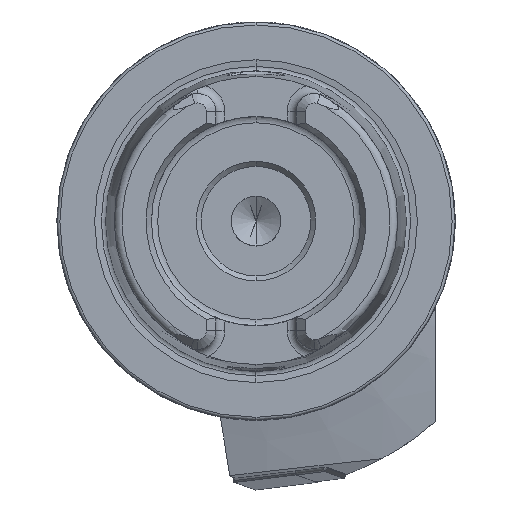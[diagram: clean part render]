
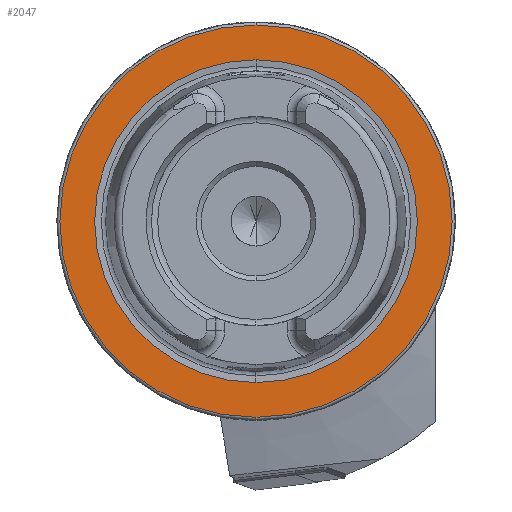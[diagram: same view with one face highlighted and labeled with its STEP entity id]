
A CAD part, left-side view. The second image highlights one B-rep face of the part: STEP entity #2047.
In plain terms, the highlighted planar face has unit normal (-1, 0, 0).
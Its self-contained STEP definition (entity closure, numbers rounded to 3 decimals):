
#493 = VERTEX_POINT ( 'NONE', #789 ) ;
#533 = VERTEX_POINT ( 'NONE', #818 ) ;
#537 = VERTEX_POINT ( 'NONE', #782 ) ;
#782 = CARTESIAN_POINT ( 'NONE',  ( 0., 0., -19.7 ) ) ;
#789 = CARTESIAN_POINT ( 'NONE',  ( 0., 0., 16.207 ) ) ;
#818 = CARTESIAN_POINT ( 'NONE',  ( 0., 0., 19.7 ) ) ;
#1441 = CARTESIAN_POINT ( 'NONE',  ( 0., 0., -16.207 ) ) ;
#2047 = ADVANCED_FACE ( 'NONE', ( #4213, #4217 ), #6621, .F. ) ;
#2665 = ORIENTED_EDGE ( 'NONE', *, *, #4501, .F. ) ;
#2666 = ORIENTED_EDGE ( 'NONE', *, *, #5937, .F. ) ;
#2667 = ORIENTED_EDGE ( 'NONE', *, *, #5932, .T. ) ;
#2751 = ORIENTED_EDGE ( 'NONE', *, *, #4500, .T. ) ;
#3043 = AXIS2_PLACEMENT_3D ( 'NONE', #6903, #6904, #6905 ) ;
#3045 = AXIS2_PLACEMENT_3D ( 'NONE', #6899, #6900, #6901 ) ;
#3120 = AXIS2_PLACEMENT_3D ( 'NONE', #12291, #12292, #12293 ) ;
#3151 = AXIS2_PLACEMENT_3D ( 'NONE', #12275, #12276, #12277 ) ;
#4213 = FACE_BOUND ( 'NONE', #9620, .T. ) ;
#4217 = FACE_OUTER_BOUND ( 'NONE', #9621, .T. ) ;
#4402 = AXIS2_PLACEMENT_3D ( 'NONE', #6620, #6626, #6627 ) ;
#4500 = EDGE_CURVE ( 'NONE', #537, #533, #4627, .T. ) ;
#4501 = EDGE_CURVE ( 'NONE', #493, #11529, #4633, .T. ) ;
#4627 = CIRCLE ( 'NONE', #3045, 19.7 ) ;
#4633 = CIRCLE ( 'NONE', #3043, 16.207 ) ;
#5932 = EDGE_CURVE ( 'NONE', #533, #537, #11017, .T. ) ;
#5937 = EDGE_CURVE ( 'NONE', #11529, #493, #11031, .T. ) ;
#6620 = CARTESIAN_POINT ( 'NONE',  ( 0., 19.7, 0. ) ) ;
#6621 = PLANE ( 'NONE',  #4402 ) ;
#6626 = DIRECTION ( 'NONE',  ( 1., 0., 0. ) ) ;
#6627 = DIRECTION ( 'NONE',  ( 0., 0., -1. ) ) ;
#6899 = CARTESIAN_POINT ( 'NONE',  ( 0., 0., 0. ) ) ;
#6900 = DIRECTION ( 'NONE',  ( -1., 0., 0. ) ) ;
#6901 = DIRECTION ( 'NONE',  ( 0., 0., 1. ) ) ;
#6903 = CARTESIAN_POINT ( 'NONE',  ( 0., 0., 0. ) ) ;
#6904 = DIRECTION ( 'NONE',  ( -1., 0., 0. ) ) ;
#6905 = DIRECTION ( 'NONE',  ( 0., 0., 1. ) ) ;
#9620 = EDGE_LOOP ( 'NONE', ( #2665, #2666 ) ) ;
#9621 = EDGE_LOOP ( 'NONE', ( #2667, #2751 ) ) ;
#11017 = CIRCLE ( 'NONE', #3151, 19.7 ) ;
#11031 = CIRCLE ( 'NONE', #3120, 16.207 ) ;
#11529 = VERTEX_POINT ( 'NONE', #1441 ) ;
#12275 = CARTESIAN_POINT ( 'NONE',  ( 0., 0., 0. ) ) ;
#12276 = DIRECTION ( 'NONE',  ( -1., 0., 0. ) ) ;
#12277 = DIRECTION ( 'NONE',  ( 0., 0., 1. ) ) ;
#12291 = CARTESIAN_POINT ( 'NONE',  ( 0., 0., 0. ) ) ;
#12292 = DIRECTION ( 'NONE',  ( -1., 0., 0. ) ) ;
#12293 = DIRECTION ( 'NONE',  ( 0., 0., 1. ) ) ;
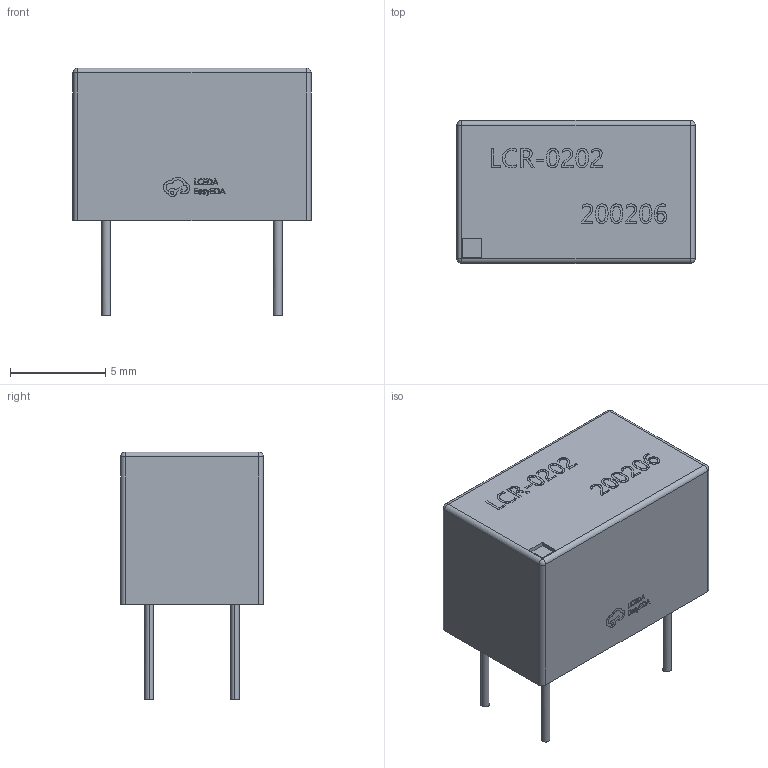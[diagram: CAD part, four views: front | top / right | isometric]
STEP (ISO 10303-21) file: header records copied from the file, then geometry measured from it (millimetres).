
FILE_DESCRIPTION (( 'STEP AP214' ), '1' );
FILE_NAME ('OPTO-TH_LCR-0202.step', '2022-07-05T14:09:03', ( '' ), ( '' ), 'SwSTEP 2.0', 'SolidWorks 2020', '' );
FILE_SCHEMA (( 'AUTOMOTIVE_DESIGN' ));
Length unit declared in the file: millimetre
Products named in the file (1): OPTO-TH_LCR-0202
Bounding box: 12.5 x 7.5 x 13 mm (x, y, z)
Volume: 722.2 mm3; surface area: 536.6 mm2
Topology: 1 solids, 1 shells, 490 faces, 1309 edges, 866 vertices
Faces by surface type: plane 264, bspline 206, cylinder 16, sphere 4
Entity records: 27309 total; most frequent: CARTESIAN_POINT 11080, ORIENTED_EDGE 2610, DIRECTION 1491, EDGE_CURVE 1305, VERTEX_POINT 866, VECTOR 849, LINE 849, EDGE_LOOP 539

__________________________________________________

### Your goal
Please output all of the entries exactly as they appear, with no pictures.

### Response to the task
[diagram: clean part render]
[diagram: same view with one face highlighted and labeled with its STEP entity id]
A CAD part, left-side view. The second image highlights one B-rep face of the part: STEP entity #2047.
In plain terms, the highlighted planar face has unit normal (-1, 0, 0).
Its self-contained STEP definition (entity closure, numbers rounded to 3 decimals):
#493 = VERTEX_POINT ( 'NONE', #789 ) ;
#533 = VERTEX_POINT ( 'NONE', #818 ) ;
#537 = VERTEX_POINT ( 'NONE', #782 ) ;
#782 = CARTESIAN_POINT ( 'NONE',  ( 0., 0., -19.7 ) ) ;
#789 = CARTESIAN_POINT ( 'NONE',  ( 0., 0., 16.207 ) ) ;
#818 = CARTESIAN_POINT ( 'NONE',  ( 0., 0., 19.7 ) ) ;
#1441 = CARTESIAN_POINT ( 'NONE',  ( 0., 0., -16.207 ) ) ;
#2047 = ADVANCED_FACE ( 'NONE', ( #4213, #4217 ), #6621, .F. ) ;
#2665 = ORIENTED_EDGE ( 'NONE', *, *, #4501, .F. ) ;
#2666 = ORIENTED_EDGE ( 'NONE', *, *, #5937, .F. ) ;
#2667 = ORIENTED_EDGE ( 'NONE', *, *, #5932, .T. ) ;
#2751 = ORIENTED_EDGE ( 'NONE', *, *, #4500, .T. ) ;
#3043 = AXIS2_PLACEMENT_3D ( 'NONE', #6903, #6904, #6905 ) ;
#3045 = AXIS2_PLACEMENT_3D ( 'NONE', #6899, #6900, #6901 ) ;
#3120 = AXIS2_PLACEMENT_3D ( 'NONE', #12291, #12292, #12293 ) ;
#3151 = AXIS2_PLACEMENT_3D ( 'NONE', #12275, #12276, #12277 ) ;
#4213 = FACE_BOUND ( 'NONE', #9620, .T. ) ;
#4217 = FACE_OUTER_BOUND ( 'NONE', #9621, .T. ) ;
#4402 = AXIS2_PLACEMENT_3D ( 'NONE', #6620, #6626, #6627 ) ;
#4500 = EDGE_CURVE ( 'NONE', #537, #533, #4627, .T. ) ;
#4501 = EDGE_CURVE ( 'NONE', #493, #11529, #4633, .T. ) ;
#4627 = CIRCLE ( 'NONE', #3045, 19.7 ) ;
#4633 = CIRCLE ( 'NONE', #3043, 16.207 ) ;
#5932 = EDGE_CURVE ( 'NONE', #533, #537, #11017, .T. ) ;
#5937 = EDGE_CURVE ( 'NONE', #11529, #493, #11031, .T. ) ;
#6620 = CARTESIAN_POINT ( 'NONE',  ( 0., 19.7, 0. ) ) ;
#6621 = PLANE ( 'NONE',  #4402 ) ;
#6626 = DIRECTION ( 'NONE',  ( 1., 0., 0. ) ) ;
#6627 = DIRECTION ( 'NONE',  ( 0., 0., -1. ) ) ;
#6899 = CARTESIAN_POINT ( 'NONE',  ( 0., 0., 0. ) ) ;
#6900 = DIRECTION ( 'NONE',  ( -1., 0., 0. ) ) ;
#6901 = DIRECTION ( 'NONE',  ( 0., 0., 1. ) ) ;
#6903 = CARTESIAN_POINT ( 'NONE',  ( 0., 0., 0. ) ) ;
#6904 = DIRECTION ( 'NONE',  ( -1., 0., 0. ) ) ;
#6905 = DIRECTION ( 'NONE',  ( 0., 0., 1. ) ) ;
#9620 = EDGE_LOOP ( 'NONE', ( #2665, #2666 ) ) ;
#9621 = EDGE_LOOP ( 'NONE', ( #2667, #2751 ) ) ;
#11017 = CIRCLE ( 'NONE', #3151, 19.7 ) ;
#11031 = CIRCLE ( 'NONE', #3120, 16.207 ) ;
#11529 = VERTEX_POINT ( 'NONE', #1441 ) ;
#12275 = CARTESIAN_POINT ( 'NONE',  ( 0., 0., 0. ) ) ;
#12276 = DIRECTION ( 'NONE',  ( -1., 0., 0. ) ) ;
#12277 = DIRECTION ( 'NONE',  ( 0., 0., 1. ) ) ;
#12291 = CARTESIAN_POINT ( 'NONE',  ( 0., 0., 0. ) ) ;
#12292 = DIRECTION ( 'NONE',  ( -1., 0., 0. ) ) ;
#12293 = DIRECTION ( 'NONE',  ( 0., 0., 1. ) ) ;
[diagram: CAD part, four views: front | top / right | isometric]
STEP (ISO 10303-21) file: header records copied from the file, then geometry measured from it (millimetres).
FILE_DESCRIPTION (( 'STEP AP214' ), '1' );
FILE_NAME ('OPTO-TH_LCR-0202.step', '2022-07-05T14:09:03', ( '' ), ( '' ), 'SwSTEP 2.0', 'SolidWorks 2020', '' );
FILE_SCHEMA (( 'AUTOMOTIVE_DESIGN' ));
Length unit declared in the file: millimetre
Products named in the file (1): OPTO-TH_LCR-0202
Bounding box: 12.5 x 7.5 x 13 mm (x, y, z)
Volume: 722.2 mm3; surface area: 536.6 mm2
Topology: 1 solids, 1 shells, 490 faces, 1309 edges, 866 vertices
Faces by surface type: plane 264, bspline 206, cylinder 16, sphere 4
Entity records: 27309 total; most frequent: CARTESIAN_POINT 11080, ORIENTED_EDGE 2610, DIRECTION 1491, EDGE_CURVE 1305, VERTEX_POINT 866, VECTOR 849, LINE 849, EDGE_LOOP 539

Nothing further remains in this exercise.